PEDRO P. HINOJOS

Un antiguo jefe alardeaba de moderación y serenidad. Sin embargo, eran habituales sus broncas a grito pelado a los empleados, con predilección por los más mansos, sus pataletas absurdas entre amenazas grotescas e incluso su reparto de golpes y patadas a sillas, mesas, paredes y cualquier objeto inanimado (por aquel entonces, al menos). Este antiguo jefe presumía de laboriosidad y de liderazgo. Era difícil, no obstante, encontrarle en su puesto de trabajo antes de mediodía y después de la merienda, además de hacerse notar su ausencia en los apretones de trabajo y en los encargos de última hora, ejecutados sin instrucciones ni órdenes específicas, lo cual desencadenaba arrebatos de cólera, eso sí, moderados y serenos.

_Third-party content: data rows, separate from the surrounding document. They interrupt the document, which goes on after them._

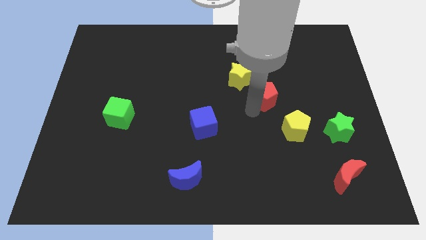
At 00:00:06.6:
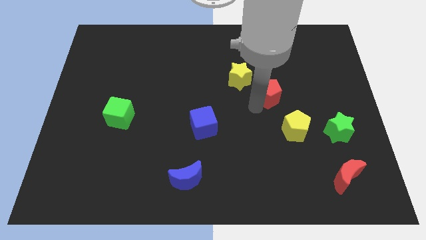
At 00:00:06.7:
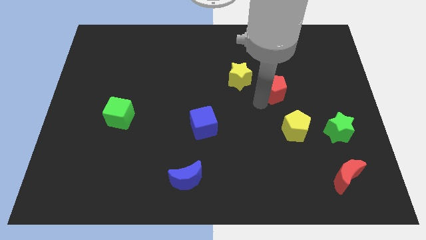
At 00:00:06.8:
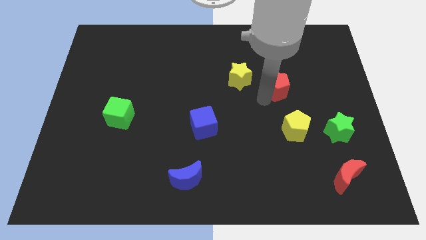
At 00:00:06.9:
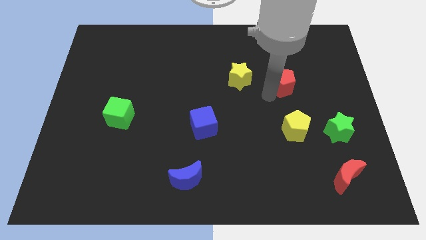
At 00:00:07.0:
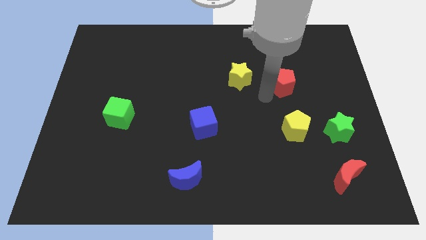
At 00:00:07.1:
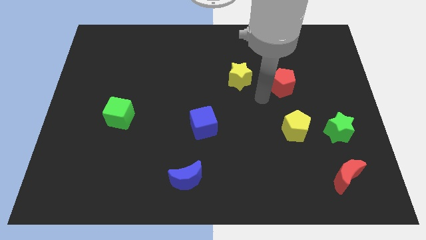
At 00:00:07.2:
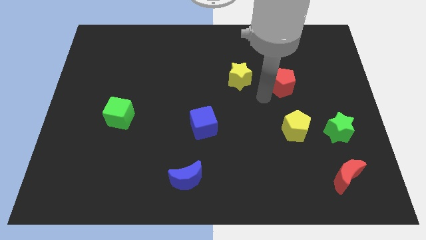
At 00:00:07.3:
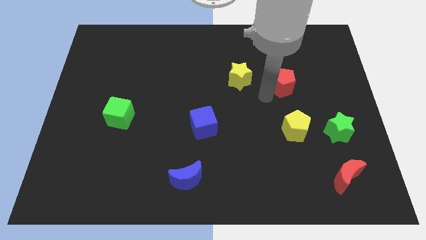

También este antiguo jefe gustaba de adornar sus virtudes subrayando su tendencia a la generosidad y la esplendidez. Su desprendimiento, por desgracia, no alcanzaba a los contratos con sus trabajadores ni a las deudas pendientes con proveedores, que eran despachados con ira apacible. La pasión voraz por la lectura era la vanagloria definitiva en este antiguo jefe. Y en efecto, su cultura lectora resultaba apabullante: novela, poesía, ensayo, teatro, biografía…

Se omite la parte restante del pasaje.